Combined surgical resection and stereotactic radiosurgery for treatment of cerebral metastases

Department of Neurosurgery, Siteman Cancer Center, Washington University School of Medicine, St. Louis, MO 63110, USA.
Surgical Neurology (Impact Factor: 1.67). 05/2008; 71(3):280-8, disucssion 288-9. DOI: 10.1016/j.surneu.2007.12.019
Source: PubMed


Patients with limited intracranial metastatic disease traditionally have been treated with surgery followed by WBRT. However, there is growing concern for the debilitating cognitive effects after WBRT in long-term survivors. We present a series of patients treated with surgery followed by SRS, while reserving WBRT as a salvage therapy for disease progression.
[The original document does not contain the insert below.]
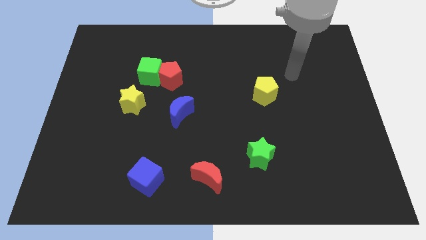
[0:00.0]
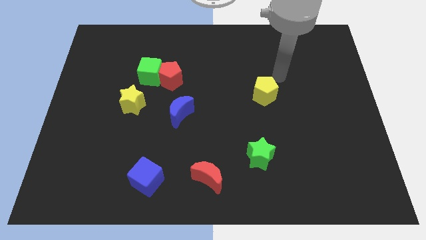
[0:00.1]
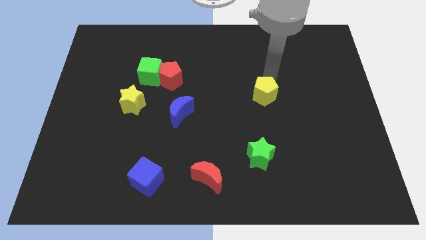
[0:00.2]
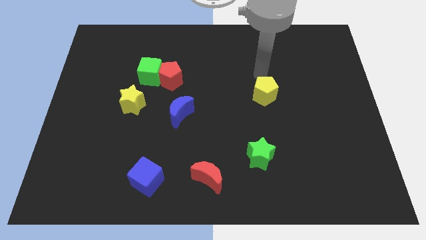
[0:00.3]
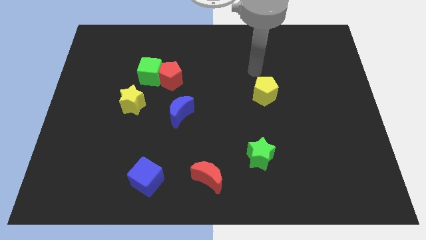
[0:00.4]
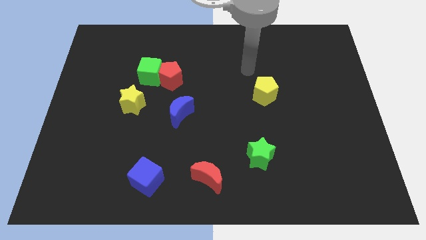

Medical records from 15 patients with 1 to 2 cerebral metastases who underwent both resection and SRS were reviewed. Outcome measures included overall survival, survival by RPA class, EOR, local tumor control, progression of intracranial disease, need for WBRT salvage therapy, and COD.
Fifteen patients with cerebral metastases were treated with the combined surgery-SRS paradigm. Eight of the 15 patients (53.3%) were designated RPA class 1, with 6 of 15 (40.0%) in class 2 and 1 of 15 (6.7%) in class 3. Gross total resection was achieved in 12 cases (80.0%). Overall median survival was 20.0 months, with values of 22.0 and 13.0 months for RPA classes 1 and 2, respectively. Local recurrence occurred in 16.7% of those patients with GTR. Six patients (40.0%) went on to receive WBRT at a median of 8.0 months from initial presentation. Twelve patients (80.0%) had died at the completion of the study, and the COD was CNS progression in 33.3%.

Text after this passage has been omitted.